**Assigned task:**
Word for word, reproduce each line of the data below, omitting every image.
────────────────
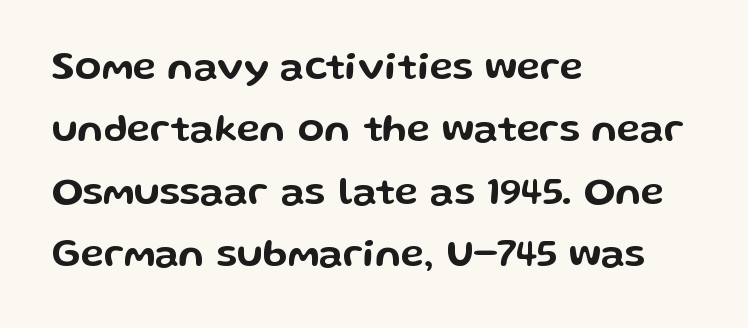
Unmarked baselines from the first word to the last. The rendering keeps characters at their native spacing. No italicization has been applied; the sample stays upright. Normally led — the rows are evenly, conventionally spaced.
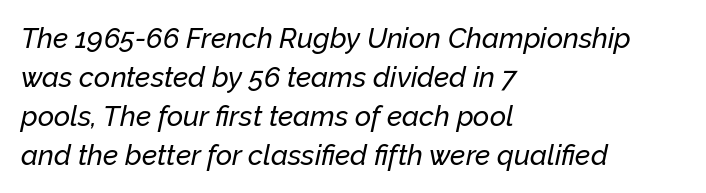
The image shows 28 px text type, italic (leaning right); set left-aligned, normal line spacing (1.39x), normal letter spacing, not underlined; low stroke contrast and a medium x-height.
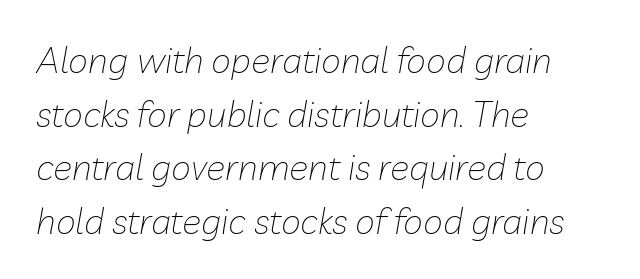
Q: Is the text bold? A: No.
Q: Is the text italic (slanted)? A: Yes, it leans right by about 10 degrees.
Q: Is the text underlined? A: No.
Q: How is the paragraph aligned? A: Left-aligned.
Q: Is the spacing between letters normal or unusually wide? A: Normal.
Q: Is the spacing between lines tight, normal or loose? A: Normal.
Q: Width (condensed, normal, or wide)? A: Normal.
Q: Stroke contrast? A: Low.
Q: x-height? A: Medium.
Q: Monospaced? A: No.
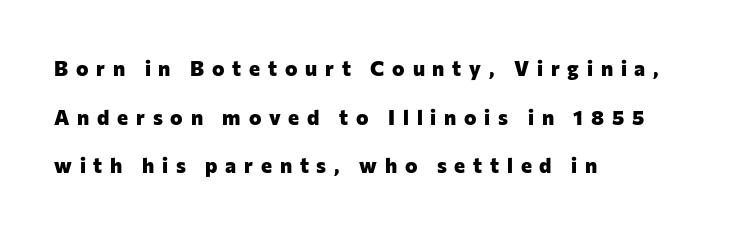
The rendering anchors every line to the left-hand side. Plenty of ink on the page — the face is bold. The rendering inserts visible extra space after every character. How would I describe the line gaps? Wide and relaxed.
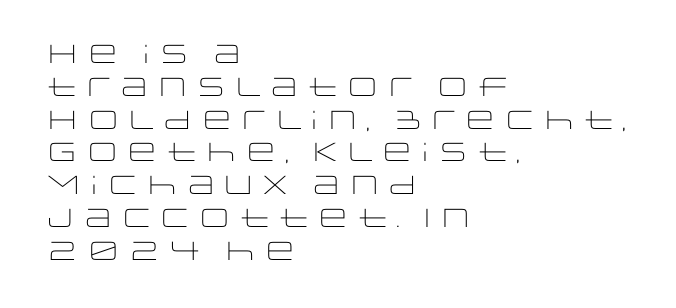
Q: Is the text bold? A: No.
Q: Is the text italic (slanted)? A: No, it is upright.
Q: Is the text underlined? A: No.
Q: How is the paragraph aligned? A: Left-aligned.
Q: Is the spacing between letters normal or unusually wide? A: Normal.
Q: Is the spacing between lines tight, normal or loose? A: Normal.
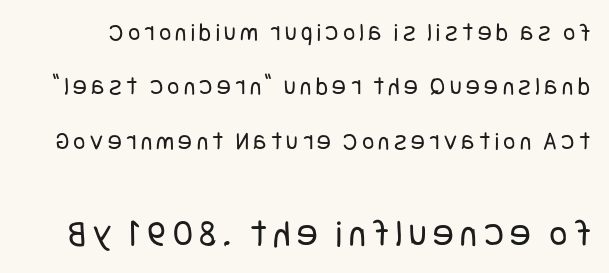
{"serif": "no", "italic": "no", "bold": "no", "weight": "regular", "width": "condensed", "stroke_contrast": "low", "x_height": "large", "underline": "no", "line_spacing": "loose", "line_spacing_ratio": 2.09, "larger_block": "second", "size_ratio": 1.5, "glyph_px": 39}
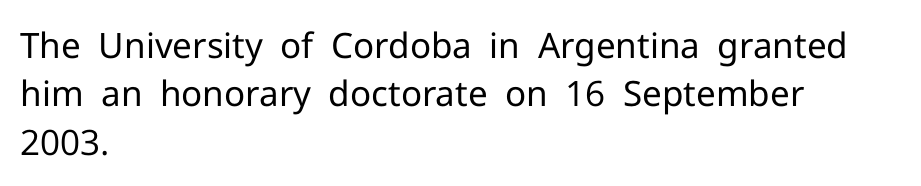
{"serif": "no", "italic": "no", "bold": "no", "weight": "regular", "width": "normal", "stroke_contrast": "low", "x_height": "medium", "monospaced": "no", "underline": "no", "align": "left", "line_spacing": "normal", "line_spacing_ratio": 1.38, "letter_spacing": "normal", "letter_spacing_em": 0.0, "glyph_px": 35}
────────────────
**Answer space:**
Unmarked baselines from the first word to the last. The rendering keeps characters at their native spacing. No italicization has been applied; the sample stays upright. Normally led — the rows are evenly, conventionally spaced.
The image shows 28 px text type, italic (leaning right); set left-aligned, normal line spacing (1.39x), normal letter spacing, not underlined; low stroke contrast and a medium x-height.
Q: Is the text bold? A: No.
Q: Is the text italic (slanted)? A: Yes, it leans right by about 10 degrees.
Q: Is the text underlined? A: No.
Q: How is the paragraph aligned? A: Left-aligned.
Q: Is the spacing between letters normal or unusually wide? A: Normal.
Q: Is the spacing between lines tight, normal or loose? A: Normal.
Q: Width (condensed, normal, or wide)? A: Normal.
Q: Stroke contrast? A: Low.
Q: x-height? A: Medium.
Q: Monospaced? A: No.
The rendering anchors every line to the left-hand side. Plenty of ink on the page — the face is bold. The rendering inserts visible extra space after every character. How would I describe the line gaps? Wide and relaxed.
Q: Is the text bold? A: No.
Q: Is the text italic (slanted)? A: No, it is upright.
Q: Is the text underlined? A: No.
Q: How is the paragraph aligned? A: Left-aligned.
Q: Is the spacing between letters normal or unusually wide? A: Normal.
Q: Is the spacing between lines tight, normal or loose? A: Normal.
{"serif": "no", "italic": "no", "bold": "no", "weight": "regular", "width": "condensed", "stroke_contrast": "low", "x_height": "large", "underline": "no", "line_spacing": "loose", "line_spacing_ratio": 2.09, "larger_block": "second", "size_ratio": 1.5, "glyph_px": 39}
{"serif": "no", "italic": "no", "bold": "no", "weight": "regular", "width": "normal", "stroke_contrast": "low", "x_height": "medium", "monospaced": "no", "underline": "no", "align": "left", "line_spacing": "normal", "line_spacing_ratio": 1.38, "letter_spacing": "normal", "letter_spacing_em": 0.0, "glyph_px": 35}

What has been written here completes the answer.